Антиформалистам, по наблюдению критика жанр «лирического дневника». Их поэзия «с большей отражает неприкаянность и хрупкость здешнего мира» у поэзии «отнимают игру образами», но она «очень требовательна к музыкальной стороне стиха и к гармонии слов»[7]. Это такие поэты, как Г.Иванов, Г.Адамович, АЛадинский Б.Поплавский, А.Штейгер, И.Чиннов.

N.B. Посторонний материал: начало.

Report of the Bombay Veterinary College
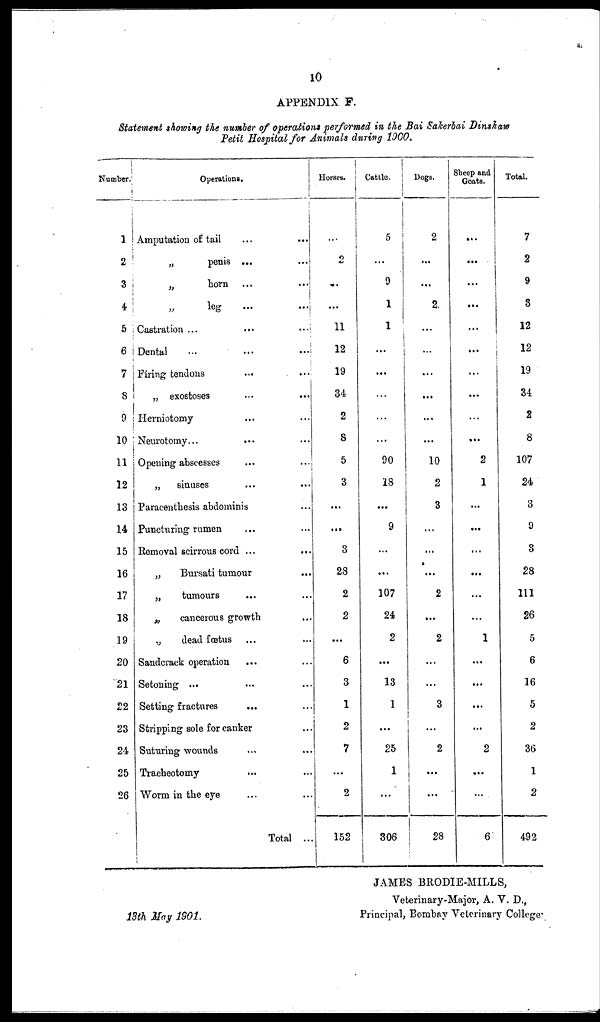
10
APPENDIX F.
Statement showing the number of operations performed in the Bai Sakerbai Dinshaus
Petit Hospital for Animals during 1900.
Number.
1
2
3
4
5
6
7
8
9
10
11
12
13
14
15
16
17
18
19
20
21
22
23
24
25
26
Operations.
Amputation of tail
...
...
„
penis ...
„ horn
„
leg
Castration ...
Dental
Firing tendons
„ exostoses
...
...
Herniotomy
Neurotomy...
Opening abscesses
„
sinuses
...
...
Paracentesis abdominis
Puncturing rumen
Removal scirrous cord ...
...
„
Bursati tumour
...
„
tumours
„
cancerous growth
„
dead fœtus
Sandcrack operation
...
Setoning ...
Setting fractures
...
Stripping sole for canker
Suturing wounds
Tracheotomy
...
Worm in the eye
Total ...
Horses.
...
2
...
...
11
12
19
34
2
8
5
3
...
...
3
28
2
2
...
6
3
1
2
7
...
2
152
Cattle.
5
...
9
1
1
...
...
...
...
...
90
18
...
9
...
...
107
24
2
...
13
1
...
25
1
...
306
Dogs.
2
...
...
2
...
...
...
...
...
...
10
2
3
...
...
...
2
...
2
...
...
3
...
2
...
...
28
Sheep and
Goats.
...
...
...
...
...
...
...
...
...
...
2
1
...
...
...
...
...
...
1
...
...
...
...
2
...
...
6
Total.
7
2
9
3
12
12
19
34
2
8
107
24
3
9
3
28
111
26
5
6
16
5
2
36
1
2
492
JAMES BRODIE-MILLS,
Veterinary-Major, A. V. D.,
13th May
1901.
Principal, Bombay Veterinary College
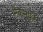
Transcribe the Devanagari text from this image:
मैकमर्फी
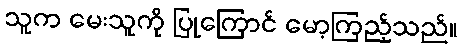
သူက မေးသူကို ပြုကြောင် မော့ကြည့်သည်။
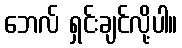
ဘေလ် ရှင်းချင်လို့ပါ။
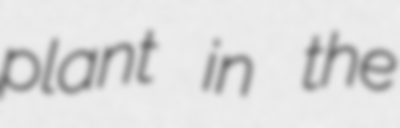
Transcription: plant in the
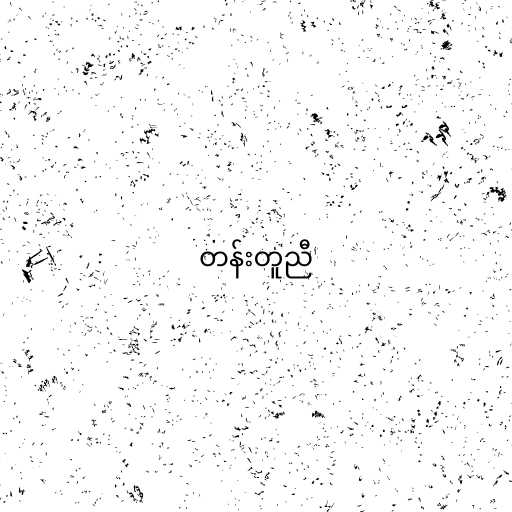
တန်းတူညီ
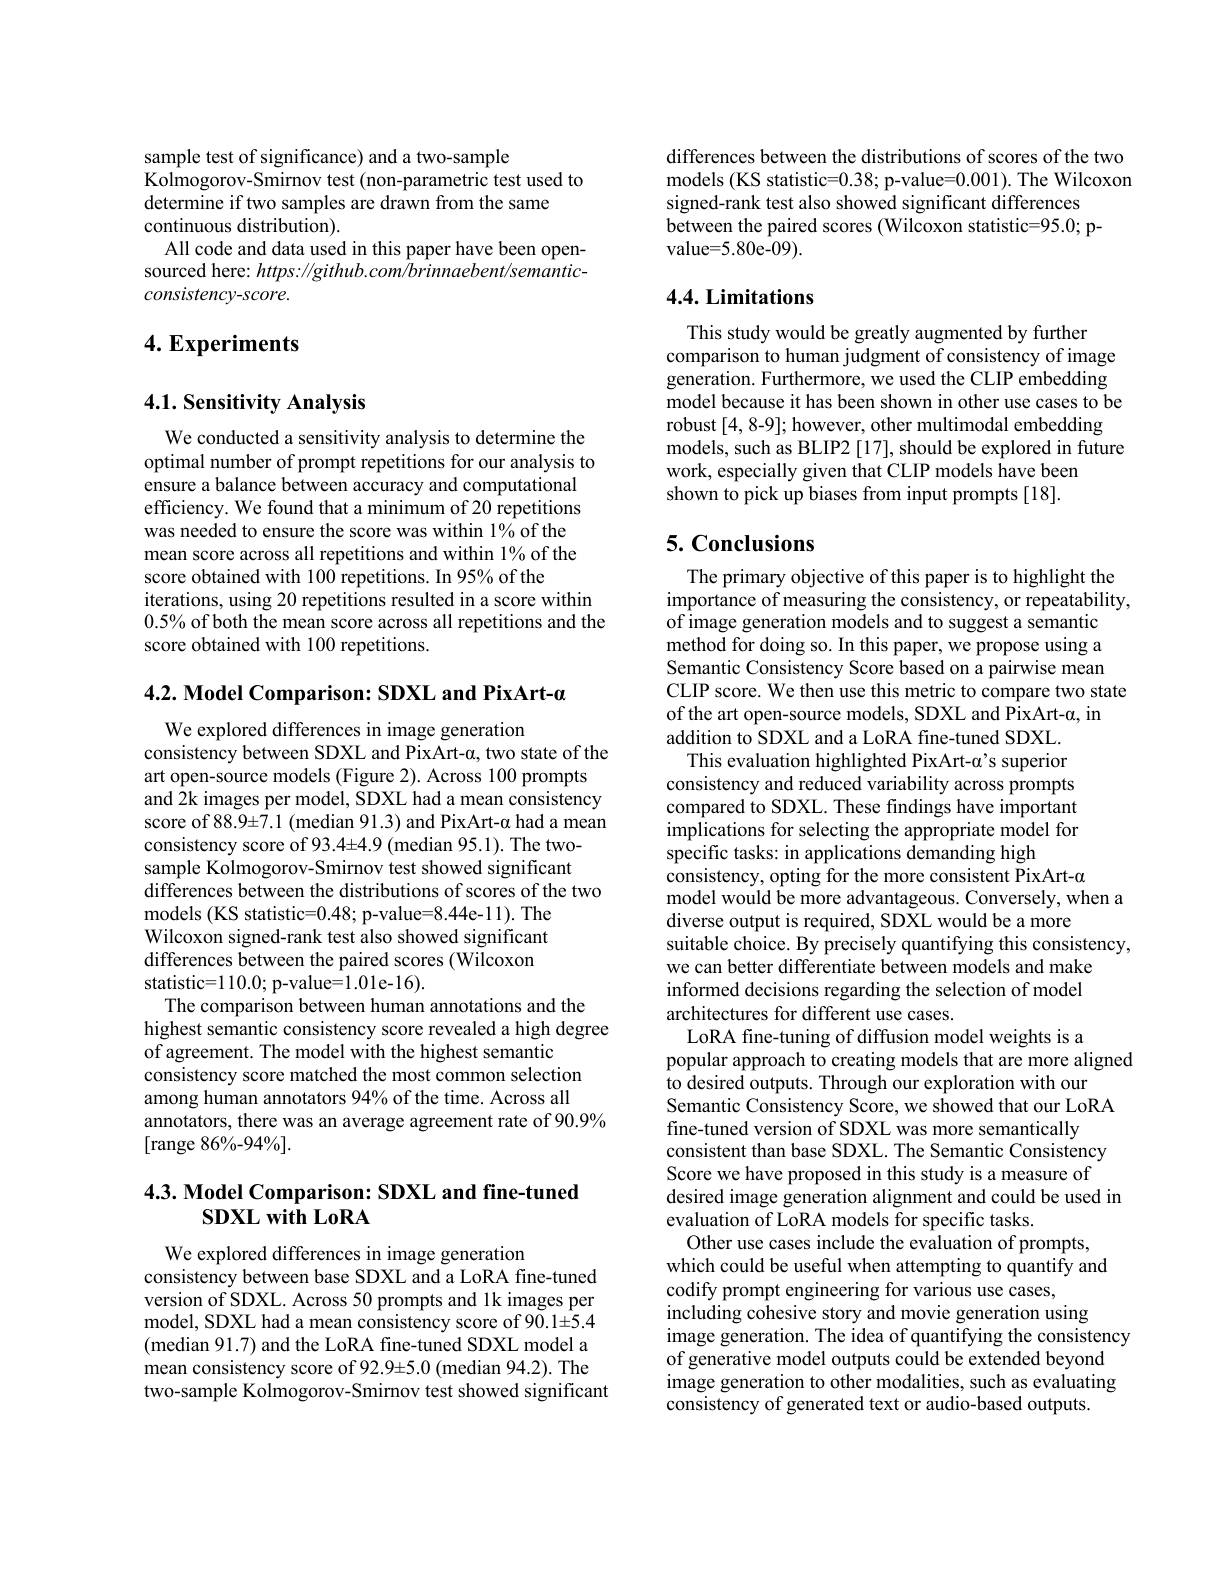
sample test of significance) and a two-sample
$\hat{\text{Kolmogorov-Smirnov test(non-parametric test used to}}$
determine if two samples are drawn from the same
continuous distribution).
All code and data used in this paper have been opensourced here: https: //github. com/brinnaebent/semanticconsistency-score.

## 4. Experiments

### 4.1. Sensitivity Analysis

We conducted a sensitivity analysis to determine the optimal number of prompt repetitions for our analysis to ensure a balance between accuracy and computational efficiency. We found that a minimum of 20 repetitions was needed to ensure the score was within 1% of the mean score across all repetitions and within 1% of the score obtained with 100 repetitions. In 95% of the
iterations, using 20 repetitions resulted in a score within $0.5\%$ of both the mean score across all repetitions and the score obtained with 100 repetitions.

4.2. Model Comparison: SDXL and PixArt-a

We explored differences in image generation
consistency between SDXL and PixArt-$\alpha$, two state of the
art open-source models (Figure 2). Across 100 prompts and 2k images per model, SDXL had a mean consistency score of $88.9\pm7.1$ (median 91.3) and PixArt-α had a mean consistency score of 93.4±4.9 (median 95.1). The twosample Kolmogorov-Smirnov test showed significant differences between the distributions of scores of the two
models (KS statistic=0.48; p-value=8.44e-11). The Wilcoxon signed-rank test also showed significant differences between the paired scores (Wilcoxon statistic=110.0; p-value=1.01e-16).
The comparison between human annotations and the
highest semantic consistency score revealed a high degree
of agreement. The model with the highest semantic
consistency score matched the most common selection among human annotators 94% of the time. Across all annotators, there was an average agreement rate of 90.9%
[range 86%-94%].

## $4. 3. \textbf{ Model Comparison: SDXL and fine- tuned}$ SDXLwithLoRA

We explored differences in image generation
consistency between base SDXL and a LoRA fine-tuned version of SDXL. Across 50 prompts and lk images per model, SDXL had a mean consistency score of 90.1±5.4 (median 91.7) and the LoRA fine-tuned SDXL model a mean consistency score of 92.9±5.0 (median 94.2). The two-sample Kolmogorov-Smirnov test showed significant

differences between the distributions of scores of the two models (KS statistic=0.38; p-value=0.001). The Wilcoxon signed-rank test also showed significant differences
between the paired scores (Wilcoxon statistic=95.0; p-
${\mathrm{value=5.80e-09).}}$

### 4.4. Limitations

This study would be greatly augmented by further
comparison to human judgment of consistency of image generation. Furthermore, we used the CLIP embedding model because it has been shown in other use cases to be robust [4, 8-9]; however, other multimodal embedding models, such as BLIP2 [17], should be explored in future
work, especially given that CLIP models have been
shown to pick up biases from input prompts [18].

## 5. Conclusions

The primary objective of this paper is to highlight the importance of measuring the consistency, or repeatability, of image generation models and to suggest a semantic method for doing so. In this paper, we propose using a Semantic Consistency Score based on a pairwise mean CLIP score. We then use this metric to compare two state
of the art open-source models, SDXL and PixArt-$\alpha$, in
addition to SDXL and a LoRA fine-tuned SDXL.
This evaluation highlighted PixArt-$\alpha’$s superior consistency and reduced variability across prompts compared to SDXL. These findings have important implications for selecting the appropriate model for specific tasks: in applications demanding high
consistency, opting for the more consistent PixArt-$\alpha$
model would be more advantageous. Conversely, when a
diverse output is required, SDXL would be a more
suitable choice. By precisely quantifying this consistency,
we can better differentiate between models and make informed decisions regarding the selection of model architectures for different use cases.
LoRA fine-tuning of diffusion model weights is a
popular approach to creating models that are more aligned
to desired outputs. Through our exploration with our
Semantic Consistency Score, we showed that our LoRA
fine-tuned version of SDXL was more semantically
consistent than base SDXL. The Semantic Consistency Score we have proposed in this study is a measure of desired image generation alignment and could be used in
evaluation of LoRA models for specific tasks.
Other use cases include the evaluation of prompts,
which could be useful when attempting to quantify and
codify prompt engineering for various use cases,
including cohesive story and movie generation using
image generation. The idea of quantifying the consistency
of generative model outputs could be extended beyond image generation to other modalities, such as evaluating consistency of generated text or audio-based outputs.
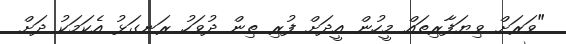
"ވަރަށް ވިޔަފާރިތައް މީހުން އީދަށް ފުރި ތިން ދުވަހު ރަނގަޅު އެކަމަކު ދަށް
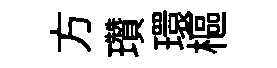
方瓚環樞
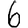
Digit: 6
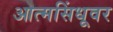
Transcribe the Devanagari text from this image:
आत्मसिंधूवर
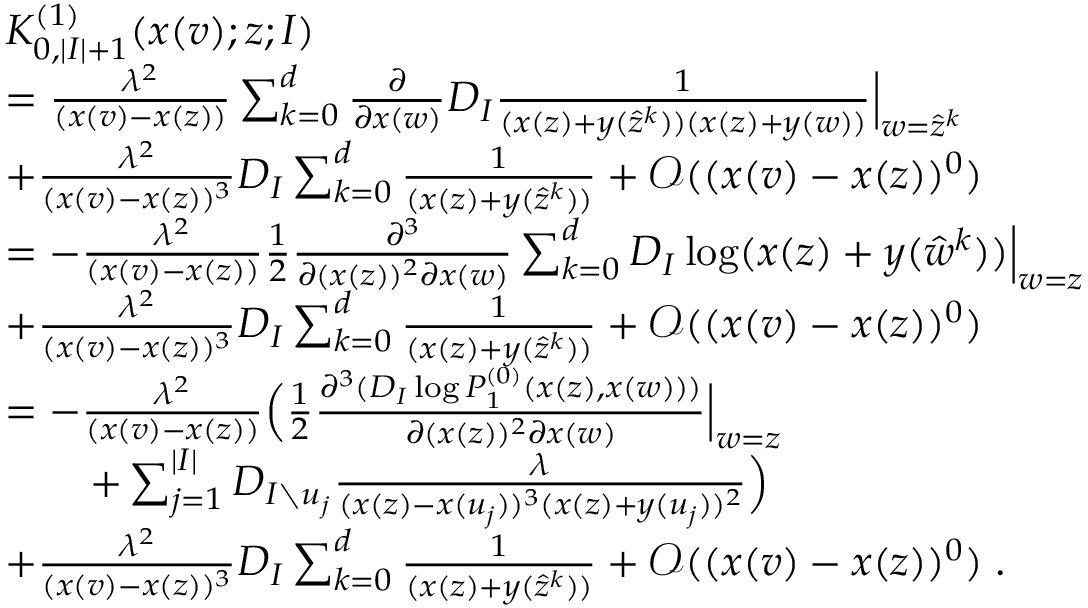
\begin{array} { r l } & { K _ { 0 , | I | + 1 } ^ { ( 1 ) } ( x ( v ) ; z ; I ) } \\ & { = \frac { \lambda ^ { 2 } } { ( x ( v ) - x ( z ) ) } \sum _ { k = 0 } ^ { d } \frac { \partial } { \partial x ( w ) } D _ { I } \frac { 1 } { ( x ( z ) + y ( \hat { z } ^ { k } ) ) ( x ( z ) + y ( w ) ) } \Big | _ { w = \hat { z } ^ { k } } } \\ & { + \frac { \lambda ^ { 2 } } { ( x ( v ) - x ( z ) ) ^ { 3 } } D _ { I } \sum _ { k = 0 } ^ { d } \frac { 1 } { ( x ( z ) + y ( \hat { z } ^ { k } ) ) } + \mathcal { O } ( ( x ( v ) - x ( z ) ) ^ { 0 } ) } \\ & { = - \frac { \lambda ^ { 2 } } { ( x ( v ) - x ( z ) ) } \frac { 1 } { 2 } \frac { \partial ^ { 3 } } { \partial ( x ( z ) ) ^ { 2 } \partial x ( w ) } \sum _ { k = 0 } ^ { d } D _ { I } \log ( x ( z ) + y ( \hat { w } ^ { k } ) ) \Big | _ { w = z } } \\ & { + \frac { \lambda ^ { 2 } } { ( x ( v ) - x ( z ) ) ^ { 3 } } D _ { I } \sum _ { k = 0 } ^ { d } \frac { 1 } { ( x ( z ) + y ( \hat { z } ^ { k } ) ) } + \mathcal { O } ( ( x ( v ) - x ( z ) ) ^ { 0 } ) } \\ & { = - \frac { \lambda ^ { 2 } } { ( x ( v ) - x ( z ) ) } \Big ( \frac { 1 } { 2 } \frac { \partial ^ { 3 } ( D _ { I } \log P _ { 1 } ^ { ( 0 ) } ( x ( z ) , x ( w ) ) ) } { \partial ( x ( z ) ) ^ { 2 } \partial x ( w ) } \Big | _ { w = z } } \\ & { \qquad + \sum _ { j = 1 } ^ { | I | } D _ { I \setminus u _ { j } } \frac { \lambda } { ( x ( z ) - x ( u _ { j } ) ) ^ { 3 } ( x ( z ) + y ( u _ { j } ) ) ^ { 2 } } \Big ) } \\ & { + \frac { \lambda ^ { 2 } } { ( x ( v ) - x ( z ) ) ^ { 3 } } D _ { I } \sum _ { k = 0 } ^ { d } \frac { 1 } { ( x ( z ) + y ( \hat { z } ^ { k } ) ) } + \mathcal { O } ( ( x ( v ) - x ( z ) ) ^ { 0 } ) \; . } \end{array}
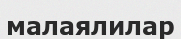
малаялилар
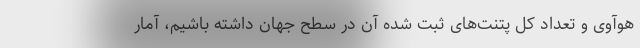
هوآوی و تعداد کل پتنت‌های ثبت شده آن در سطح جهان داشته باشیم، آمار
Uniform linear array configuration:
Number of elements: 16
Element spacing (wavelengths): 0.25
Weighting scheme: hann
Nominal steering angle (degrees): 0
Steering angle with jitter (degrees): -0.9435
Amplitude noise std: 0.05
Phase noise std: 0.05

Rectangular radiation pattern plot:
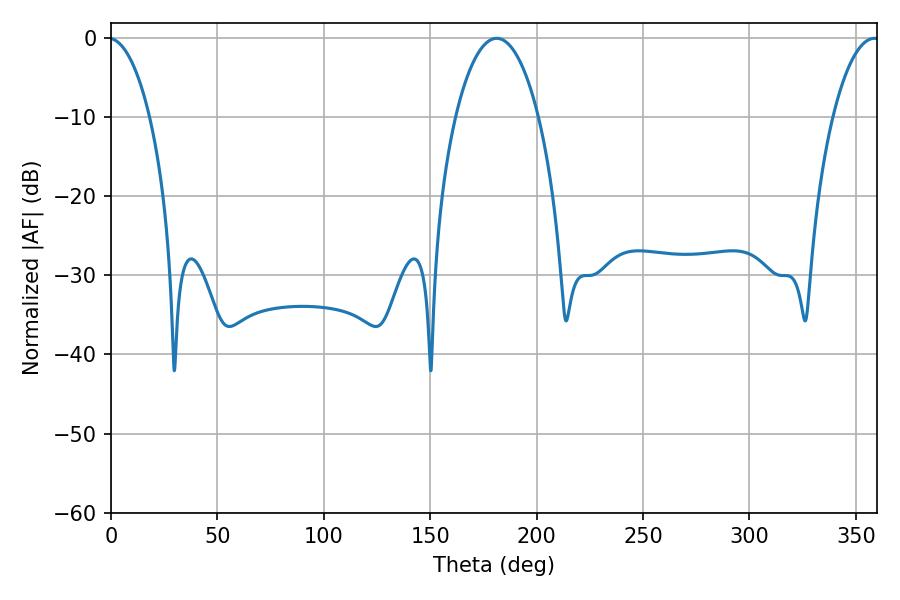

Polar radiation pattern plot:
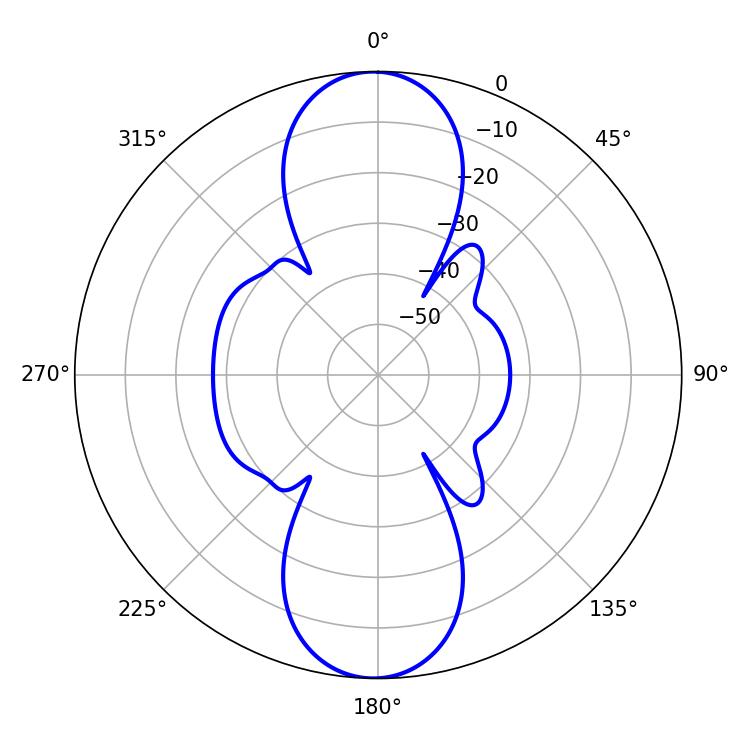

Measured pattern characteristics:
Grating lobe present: FALSE
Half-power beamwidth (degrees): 21.96
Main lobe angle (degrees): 181.26
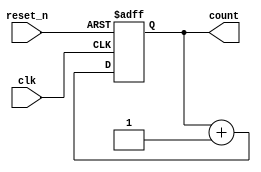
module async_reset_sync_counter (
    input wire clk,            // Clock signal
    input wire reset_n,        // Asynchronous active-low reset signal
    output reg [2:0] count     // 3-bit counter output (0 to 7)
);

// Asynchronous reset: Reset the counter to zero when reset_n is low
always @(posedge clk or negedge reset_n) begin
    if (!reset_n) begin
        count <= 3'b000;       // Reset count to 0
    end else begin
        count <= count + 1;    // Increment count on clock edge
    end
end

endmodule
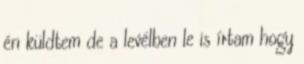
én küldtem de a levélben le is írtam hogy
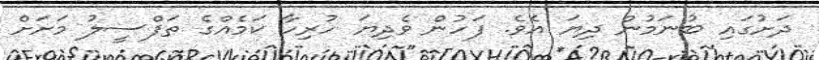
ދަށުގައި ބުނަމުން ދިޔަ އެވެ. ފަހުން ވެދިޔަ ހުރިހާ ކަމެއްގެ ތަފްސީލު މަށަށް
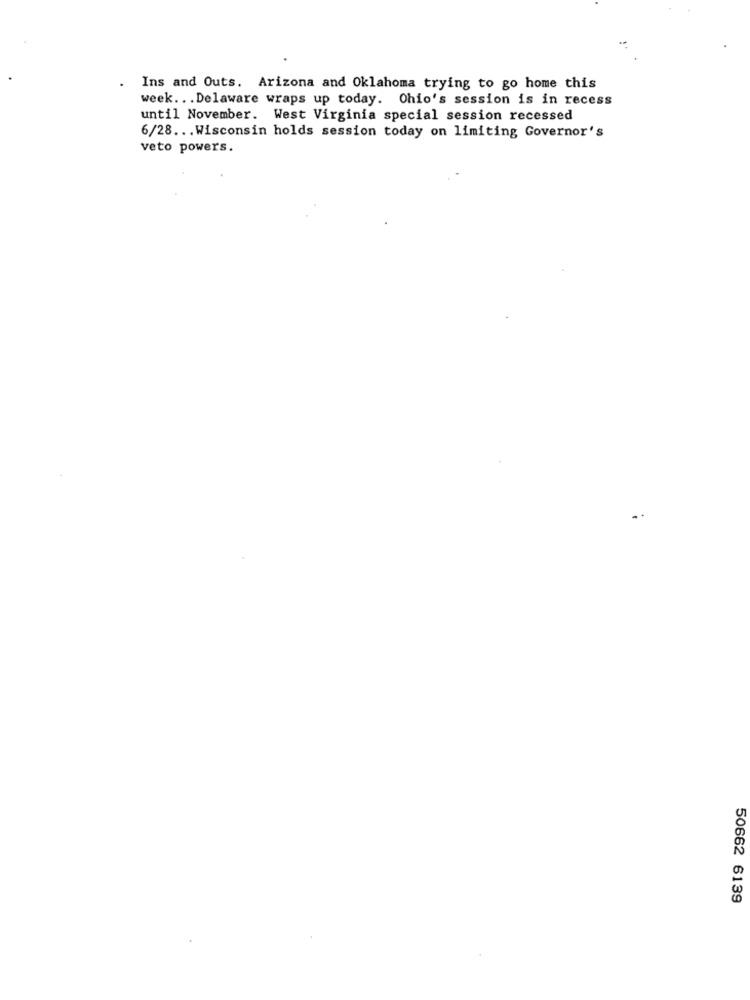
Ins and Outs. Arizona and Oklahoma trying to go home this
week .. . Delaware wraps up today. Ohio's session is in recess
until November. West Virginia special session recessed
6/28 ... Wisconsin holds session today on limiting Governor's
veto powers.
50662 6139
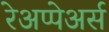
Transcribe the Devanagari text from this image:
रेअप्पेअर्स
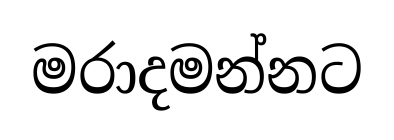
මරාදමන්නට
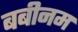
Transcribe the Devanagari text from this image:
बबीनम

Трое из названных поэтов-антиформалистов – Георгий Адамович, Анатолий Штейгер, Игорь Чиннов (а из неназванных еще и Лидия Червинская) — считались наиболее яркими представителями «парижской поэтической школы» или «парижской ноты», как ее стали называть. Главой и идеологом «парижской ноты» был Адамович, самый тонкий и блестящий критик русского зарубежья и яркий, завораживающий своей убедительностью оратор. Это он «отнимал» у своих приверженцев «игру образами», предлагая им делать стихи из совершенно простых вещей, таких, как стол, стул. Достаточно сказать — дерево. Липа или тополь – это уже лишнее украшательство. Чтобы сказать о самых главных, «последних» вещах — такого словаря, считал Адамович, вполне достаточно. Это литературное течение отличалось нарочитой обедненностью языка, предельной простотой стиха, суженностью его тематики, сжатой до основных, краеугольных вопросов бытия.
Особенно сильно эта «нота» проявилась в парижском журнале тридцатых годов «Числа». В редакционной статье самого первого номера сделана попытка объяснить, какие «ощущения, предчувствия и мысли» владеют эмигрантами, объединившимися вокруг «Чисел». Авторы приходят к выводу, что атмосфера их жизни насыщена «ощущением великих катастроф и перемен, происходящих в мире. Война и революция, в сущности, только докончили разрушение того, что кое–как еще прикрывало людей в XIX веке. Мировоззрения, верования — все, что между человеком и звездным небом составляло какой-то успокаивающий и спасительный потолок — сметены и разрушены.
У бездомных, у лишенных веры отцов или поколебленных в этой вере, у всех, кто не хочет принять современной жизни такой, как она дается извне, — обостряется желание знать самое простое и главное: цель жизни, смысл смерти»[8].
Сам Адамович уже гораздо позже, в опубликованной в «Новом журнале» статье «Оправдание черновиков», писал: «Мы с нашей "нотой" были оставлены всеми. Россия казалась призраком, притом враждебным. Казалось, мы на поплавке, а вокруг бушуют волны. Впервые в истории возникло такое одиночество, и в ответ на одиночество хотелось произнести как бы последние, окончательные слова, <…> лишь черные и белые, не заботясь о каких-либо литературных "достижениях"»[9].
Нарочито ограничивая себя в средствах выражения, приверженцы «парижской ноты» демонстрировали читателям затухание, умирание русской поэзии. Ища самые главные, последние слова, исчерпывающие и всеобъемлющие, как последнее «прости», они ощущали себя ее последним, завершающим аккордом.
Таким образом, два ближайших старших друга Чиннова — Владимир Вейдле и Георгий Адамович — были захвачены одним ощущением — умирания искусства. Только Вейдле ограничился теоретизированием, написав книгу, которая так и называлась — «Умирание искусства» (Париж, 1937), а Адамович оказался вдохновителем целой поэтической школы, которая вполне могла бы называться не «парижская нота» (последняя, случайная, еще звенящая в воздухе), а, например, «умирание поэзии».
В духе «парижской ноты» Чиннов писал все пятидесятые годы. Из стихов этого периода составились два сборника – «Монолог» и «Линии». Потом он освободился от влияния «парижской ноты». Сам он уже в конце жизни говорил, что, например, его четвертая книга нравится ему больше, чем первых три сборника. Но его парижские друзья, кажется, все же больше любили раннего Чиннова, ценя «тончайшие стилистические находки, переливчато-перламутровые оттенки»[10] его ранних стихов.